AFTER TAKING a long hard look at the District's preventive detention statute, the D.C. Court of Appeals declared the measure constitutional last week by a comfortable 8-to-1 margin. The decision was a timely one, coming only weeks after U.S. Attorney Charles Ruff had announced he would be using the law more frequently. Already this year he has requested preventive detention for 13 suspects, compared with a dozen for all of 1980.
The sole dissent came from Judge Julia Cooper Mack, who denounced preventive detention as unconstitutional and comparable to Lewis Carroll-style justice: "No!"No! Sentence first -- verdict afterward."
The court's majority, however, led by Chief Judge Theodore R. Newman, upheld detention for a period up to 60 days prior to trial when the prosecutor shows "clear and convincing evidence" (the statute's language) that: the detainee has been charged with a dangerous crime; his past behavior makes pretrial release a threat to public safety; and there exists a "substantial probability" that he committed the crime.
Judge John M. Ferren, who agreed that the law is constitutional, complained that Judge Newman had abandoned that "clear and convincing" standard of proof in favor of a less stringent "probable cause" standard. What Judge Newman and his colleagues did, according to his decision, was to endorse the existing standards that the government has applied for the last decade. Judge Ferren argued that defendants should also be allowed to cross-examinine witnesses and should have other procedural rights that would make detention hearings comparable to parole or probation violation proceedings. The majority said such rights do not properly belong in these hearings.

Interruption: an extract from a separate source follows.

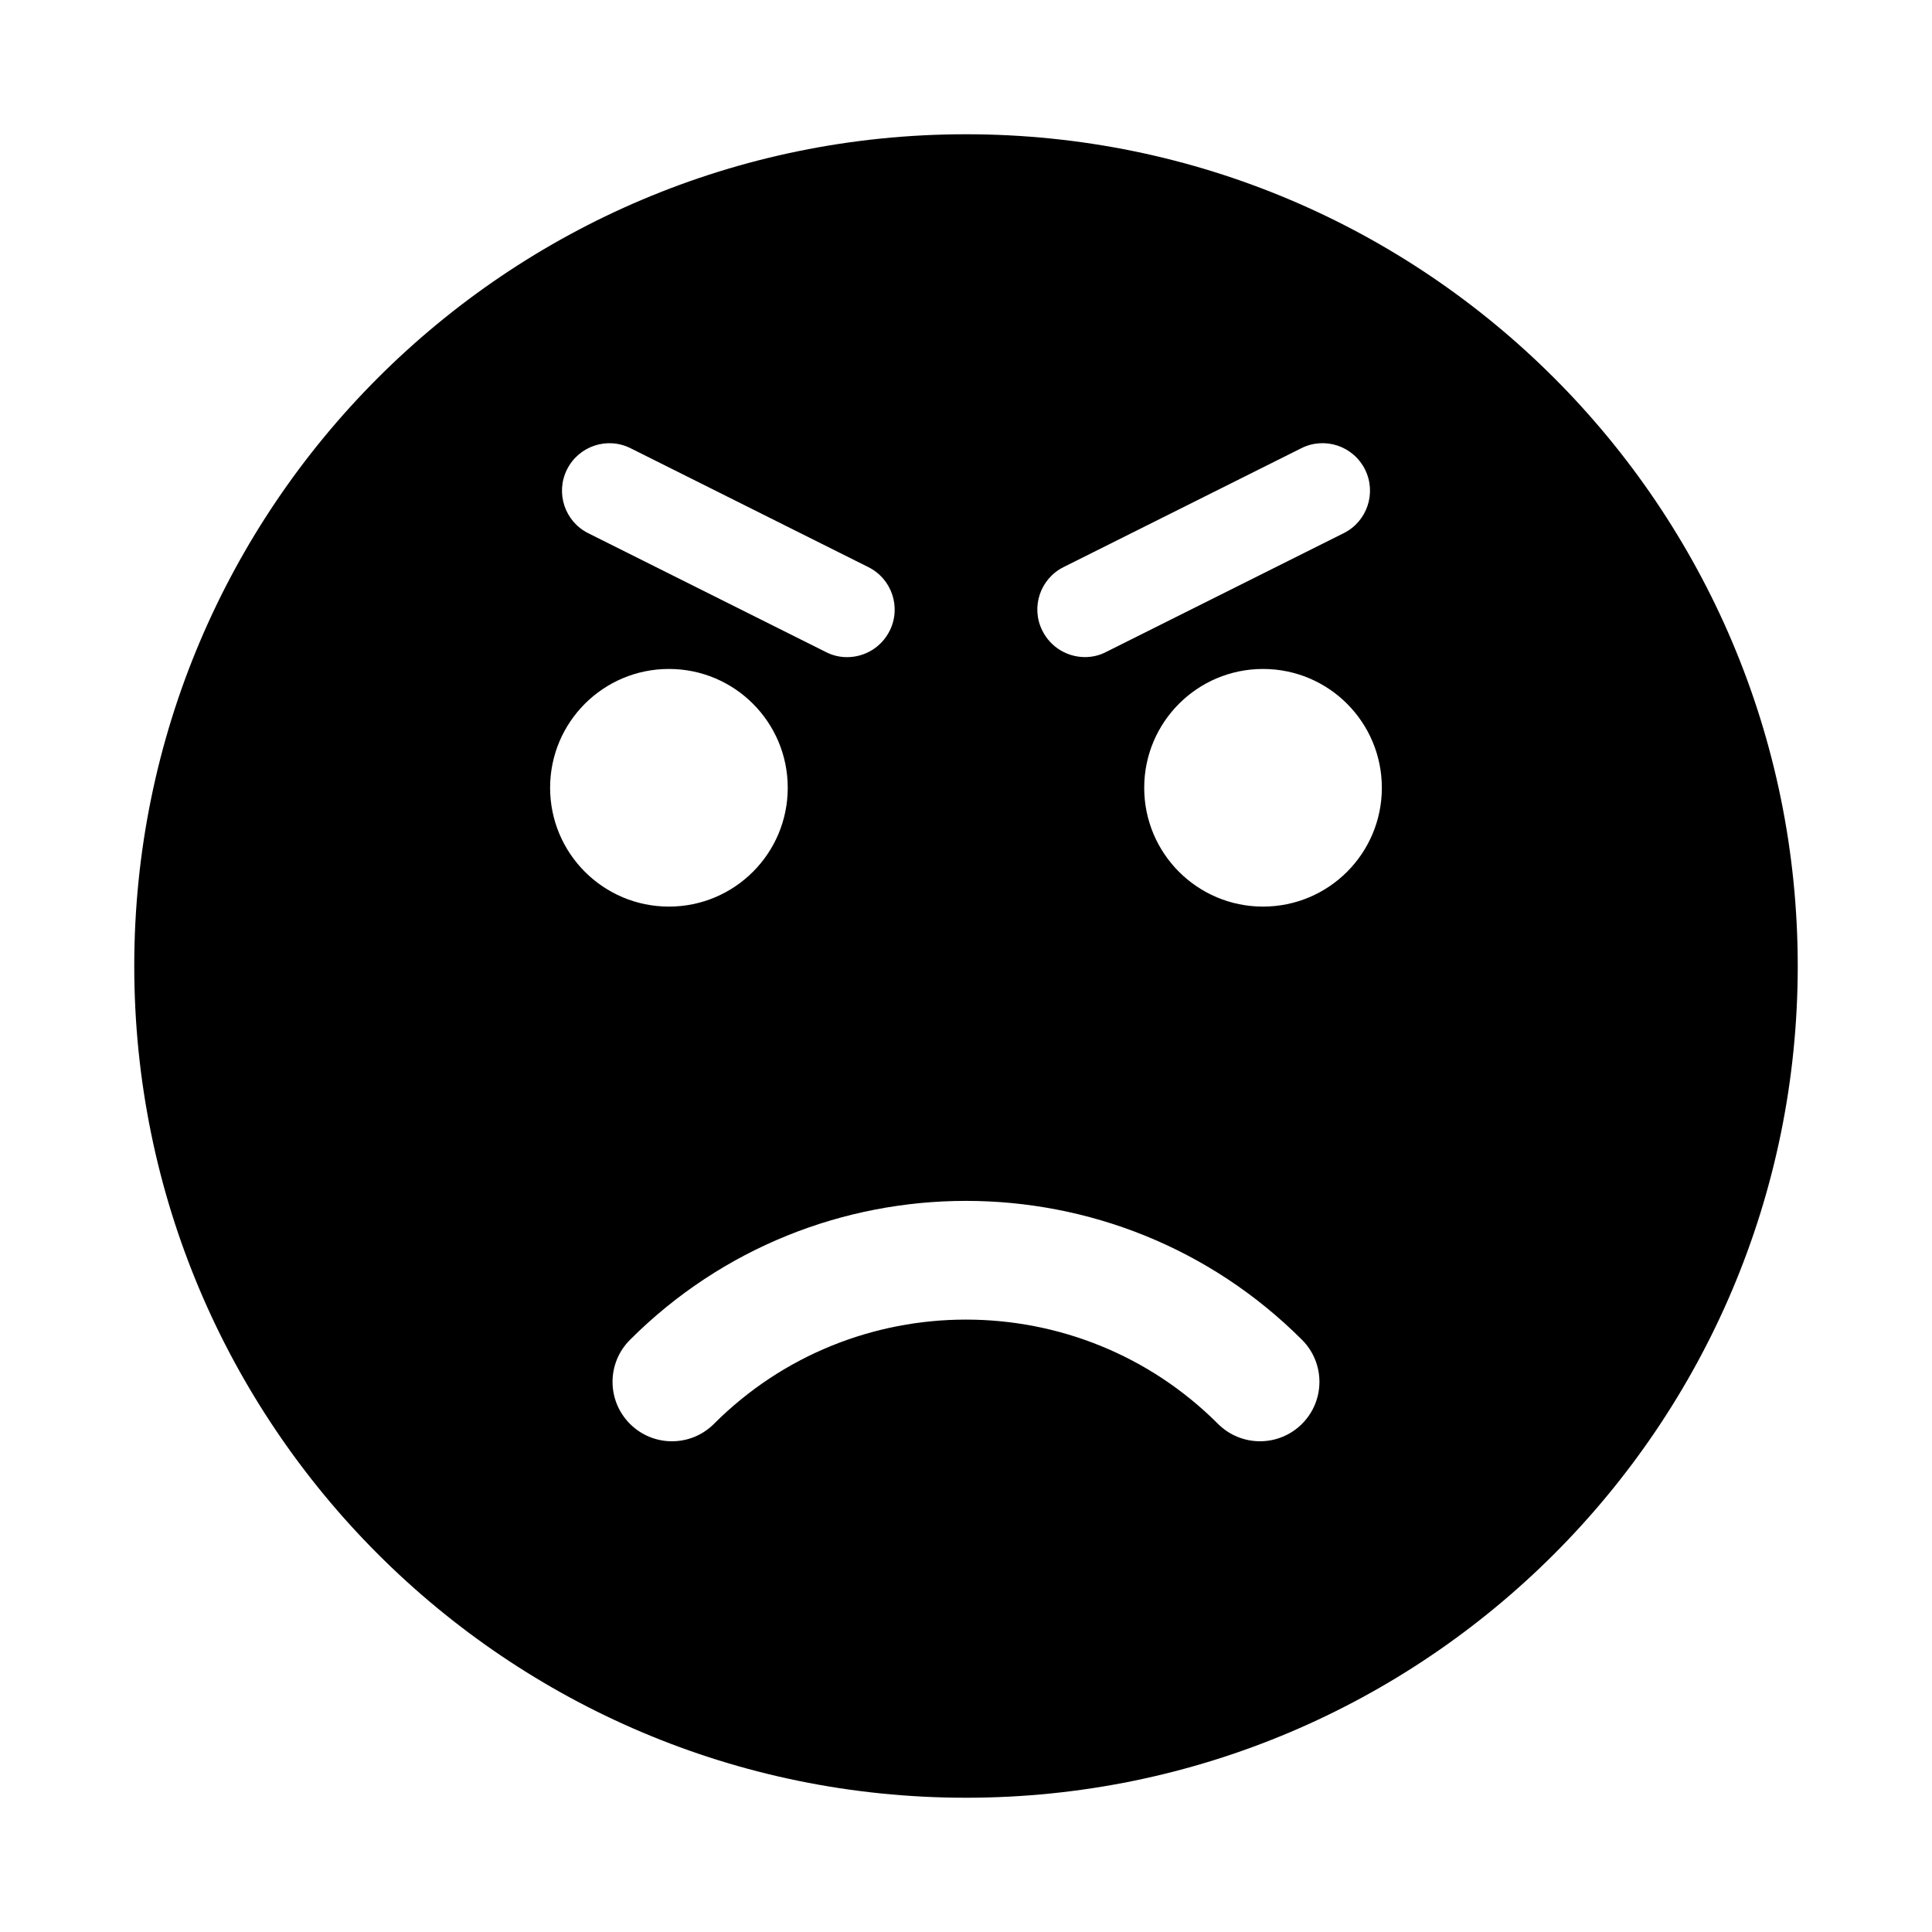<?xml version="1.0" encoding="UTF-8"?>
<!-- Uploaded to: ICON Repo, www.iconrepo.com, Generator: ICON Repo Mixer Tools -->
<svg fill="#000000" width="800px" height="800px" version="1.1" viewBox="144 144 512 512" xmlns="http://www.w3.org/2000/svg">
 <path d="m400 179.58c-121.72 0-220.42 98.699-220.42 220.42 0 121.7 98.699 220.42 220.42 220.42 121.7 0 220.42-98.715 220.42-220.42-0.004-121.72-98.719-220.42-220.42-220.42zm25.867 114.7 62.977-31.488c6.219-3.133 13.777-0.613 16.895 5.621 3.102 6.219 0.582 13.777-5.637 16.879l-62.977 31.488c-1.777 0.93-3.699 1.355-5.59 1.355-4.629 0-9.07-2.551-11.289-6.977-3.133-6.203-0.613-13.777 5.621-16.879zm-131.61-25.852c3.102-6.234 10.691-8.77 16.895-5.621l62.977 31.488c6.234 3.102 8.754 10.676 5.637 16.879-2.219 4.426-6.66 6.977-11.289 6.977-1.891 0-3.809-0.426-5.606-1.355l-62.977-31.488c-6.219-3.102-8.738-10.676-5.637-16.879zm-4.473 84.34c0-17.398 14.09-31.488 31.488-31.488 17.398 0 31.488 14.09 31.488 31.488s-14.09 31.488-31.488 31.488c-17.395 0-31.488-14.09-31.488-31.488zm199.26 168.57c-3.07 3.07-7.102 4.613-11.133 4.613s-8.062-1.543-11.133-4.613c-36.84-36.84-96.746-36.84-133.57 0-6.156 6.156-16.105 6.156-22.262 0s-6.156-16.105 0-22.262c49.105-49.105 128.99-49.105 178.11 0 6.144 6.156 6.144 16.109-0.012 22.262zm-10.328-137.08c-17.398 0-31.488-14.09-31.488-31.488s14.09-31.488 31.488-31.488 31.488 14.09 31.488 31.488-14.09 31.488-31.488 31.488z"/>
</svg>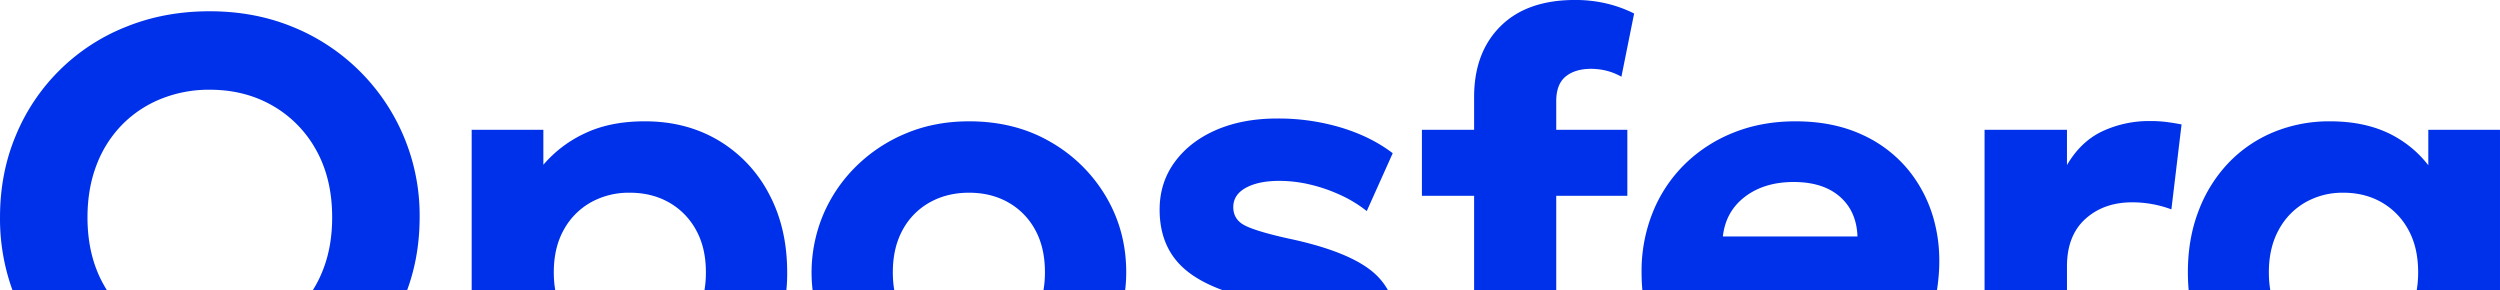 <svg xmlns="http://www.w3.org/2000/svg" xmlns:xlink="http://www.w3.org/1999/xlink" width="1920" height="223" viewBox="0 0 1920 223"><defs><clipPath id="clip-path"><rect id="Rect&#xE1;ngulo_52" data-name="Rect&#xE1;ngulo 52" width="1920" height="223" transform="translate(0 6077)" fill="#fff"></rect></clipPath></defs><g id="Enmascarar_grupo_1" data-name="Enmascarar grupo 1" transform="translate(0 -6077)" clip-path="url(#clip-path)"><g id="Grupo_64" data-name="Grupo 64" transform="translate(21277.756 20167)"><path id="Trazado_55" data-name="Trazado 55" d="M254.277,333.244q-34.684,0-64.158-12.067a155.193,155.193,0,0,1-51.145-33.447,152.57,152.57,0,0,1-33.662-50.283,160.464,160.464,0,0,1-12.067-62.425q0-33.8,12.067-62.631a151.97,151.97,0,0,1,84.807-83.655q29.47-11.931,64.158-11.917,34.67,0,64.074,12.133a156.049,156.049,0,0,1,97.165,146.07q0,33.6-12.133,62.425A153.314,153.314,0,0,1,369.5,287.73a156.658,156.658,0,0,1-51.145,33.447q-29.372,12.03-64.074,12.067m0-60.251a98.234,98.234,0,0,0,37.269-6.942,88.3,88.3,0,0,0,29.915-19.862,89.791,89.791,0,0,0,19.862-30.852q7.041-17.988,7.008-40.314,0-29.681-12.348-51.726a88.166,88.166,0,0,0-33.6-34.093q-21.235-12.128-48.109-12.133A98.348,98.348,0,0,0,217.139,84a87.64,87.64,0,0,0-29.905,19.722A89.222,89.222,0,0,0,167.5,134.568q-7.041,18.1-7.073,40.455,0,29.695,12.358,51.66a88.15,88.15,0,0,0,33.587,34.168q21.235,12.142,47.9,12.142M455.484,417.761V107.838h55.052v26.879a93.631,93.631,0,0,1,32-24.2q19.393-9.219,46.02-9.182,31.648,0,56.354,14.6a103.148,103.148,0,0,1,38.787,40.9q14.1,26.223,14.091,60.457a125.084,125.084,0,0,1-8.095,45.523,113.728,113.728,0,0,1-22.9,36.838,104.976,104.976,0,0,1-34.9,24.706q-20.153,8.9-44.427,8.891-21.445,0-38.647-7.158a92.6,92.6,0,0,1-30.271-20.152V417.761ZM576.858,278.408a60.841,60.841,0,0,0,30.261-7.514,52.631,52.631,0,0,0,20.808-21.1c4.984-9.1,7.439-19.937,7.439-32.51s-2.52-23.4-7.579-32.5a53.793,53.793,0,0,0-20.808-21.174c-8.816-4.984-18.85-7.439-30.121-7.439a59.731,59.731,0,0,0-29.915,7.439,53.706,53.706,0,0,0-20.8,21.174q-7.589,13.646-7.589,32.5c0,12.573,2.529,23.413,7.514,32.51a52.81,52.81,0,0,0,20.658,21.1,60.167,60.167,0,0,0,30.13,7.514m260.6,54.836q-35.316,0-62.631-15.824a116.435,116.435,0,0,1-42.769-42.188,115.054,115.054,0,0,1-6.643-102.083,115.166,115.166,0,0,1,25.137-37.054A119.638,119.638,0,0,1,788.9,110.658q22.12-9.317,48.55-9.322,35.33,0,62.565,15.824a116.526,116.526,0,0,1,42.694,42.113q15.5,26.35,15.459,58.012a111.725,111.725,0,0,1-8.891,44,115.355,115.355,0,0,1-25,37.138A118.708,118.708,0,0,1,886,323.922q-22.106,9.317-48.549,9.322m0-54.836a59.69,59.69,0,0,0,29.905-7.514,53.416,53.416,0,0,0,20.808-21.239c5.059-9.182,7.589-19.937,7.589-32.37,0-12.564-2.455-23.4-7.439-32.5a53.121,53.121,0,0,0-20.733-21.174c-8.816-4.984-18.86-7.439-30.13-7.439s-21.3,2.455-30.2,7.439a52.88,52.88,0,0,0-20.808,21.174c-4.984,9.1-7.514,19.937-7.514,32.5s2.53,23.413,7.589,32.51a53.6,53.6,0,0,0,20.808,21.1,60.131,60.131,0,0,0,30.121,7.514m234.6,54.611a180.67,180.67,0,0,1-53.974-7.729q-24.692-7.687-42.263-21.1l20.6-44.2a147.588,147.588,0,0,0,37.054,18.279,121.944,121.944,0,0,0,38.366,6.643c12.133,0,21.52-1.883,28.1-5.565s9.828-8.957,9.828-15.9c0-6.2-2.9-10.83-8.741-13.791s-17.192-6.146-33.953-9.6q-43.354-7.8-63.3-24.64-19.928-16.794-19.937-46.235,0-20.8,11.636-36.623,11.594-15.824,31.929-24.64,20.377-8.769,46.816-8.741a167.661,167.661,0,0,1,49.13,7.008q23.076,7.041,39.509,19.647l-19.937,44.437a97.076,97.076,0,0,0-19.8-12.142,123.3,123.3,0,0,0-23.4-8.16,103.2,103.2,0,0,0-23.984-2.895c-10.549,0-19.075,1.733-25.577,5.275s-9.753,8.526-9.753,14.887,2.96,11.055,8.891,14.091,16.977,6.352,33.156,9.959q45.294,9.542,64.514,25.221,19.183,15.712,19.141,44.137c0,14.6-3.9,27.31-11.777,38.15s-18.85,19.216-32.941,25.2-30.561,9.032-49.337,9.032m113.223-174.467V107.838h40.089V82.7q0-34.248,20.3-54.405,20.265-20.152,57.281-20.152a104.786,104.786,0,0,1,23.628,2.6,97.346,97.346,0,0,1,21.68,7.8l-9.762,48.54a46.144,46.144,0,0,0-12.133-4.769,51.389,51.389,0,0,0-11.055-1.293c-8.235,0-14.737,1.949-19.572,5.856s-7.3,10.25-7.3,19.066v21.886h54.611v50.714h-54.611V326.733h-63.072V158.552Zm288.983,174.692q-35.752,0-62.847-14.522a105.749,105.749,0,0,1-42.263-40.53q-15.178-26.013-15.177-60.907a120.75,120.75,0,0,1,8.816-46.591,108.442,108.442,0,0,1,24.715-36.773,112.875,112.875,0,0,1,37.485-24.059q21.572-8.558,47.322-8.526,28.4,0,50.423,9.978a98.531,98.531,0,0,1,36.482,27.807,104.017,104.017,0,0,1,20.3,41.973q5.734,24.059.937,52.232H1412.7c0,10.118,2.68,18.935,7.954,26.448s12.714,13.36,22.317,17.623,20.808,6.427,33.672,6.427a126.075,126.075,0,0,0,36.407-5.2,116.158,116.158,0,0,0,32.726-15.815l21.024,43.34q-10.4,8.01-26.008,14.156a183.267,183.267,0,0,1-33.016,9.538,177.686,177.686,0,0,1-33.522,3.4m-57.862-143.475h103.376q-.647-19.3-13.51-30.561c-8.591-7.514-20.443-11.271-35.471-11.271s-27.451,3.757-37.354,11.271-15.6,17.7-17.042,30.561m200.991,136.964V107.838h63.287v27.095q10.625-18.2,27.311-26.008a84.933,84.933,0,0,1,36.407-7.8,98.381,98.381,0,0,1,12.789.731c3.907.5,7.739,1.152,11.5,1.874l-7.814,65.236a84.609,84.609,0,0,0-14.737-4.047,86.51,86.51,0,0,0-15.384-1.368q-21.881,0-35.977,12.789t-14.091,36.408V326.733Zm265.374,6.511q-31.423,0-56.138-14.672a103.7,103.7,0,0,1-38.862-40.82q-14.194-26.224-14.231-60.467,0-25.788,8.16-47.022a109.188,109.188,0,0,1,22.832-36.773,101.108,101.108,0,0,1,34.815-23.844,111.749,111.749,0,0,1,43.425-8.31q31.2,0,52.8,13.444a83.453,83.453,0,0,1,22.617,20.284V107.838h55.052V326.733h-55.052V299.516a83.453,83.453,0,0,1-22.617,20.284q-21.558,13.435-52.8,13.444m10.184-54.836a58.1,58.1,0,0,0,29.475-7.514,53.4,53.4,0,0,0,20.518-21.1c4.984-9.1,7.439-19.937,7.439-32.51s-2.455-23.4-7.439-32.5a53.593,53.593,0,0,0-20.518-21.174c-8.676-4.984-18.494-7.439-29.475-7.439a57.621,57.621,0,0,0-29.259,7.439,53.413,53.413,0,0,0-20.443,21.174c-4.984,9.1-7.514,19.937-7.514,32.5s2.53,23.413,7.514,32.51a53.215,53.215,0,0,0,20.443,21.1,57.67,57.67,0,0,0,29.259,7.514" transform="translate(-21370.992 -14098.164)" fill="#0031ea" fill-rule="evenodd"></path></g></g></svg>

Should those rights be there? The record of restraint in the use of preventive detention by the U.S. attorney's office suggests that even without them abuses of the law are likely to be rare. But we can't help remembering that judges in these hearings are being asked to jail people who have not yet been convicted. Before jailing the suspects, the judges should be pretty well convinced those suspects are guilty, and the government should not be stingy with those procedural rights that may help an innocent suspect should the police arrest the wrong person. That's why we think those hearings are a good idea.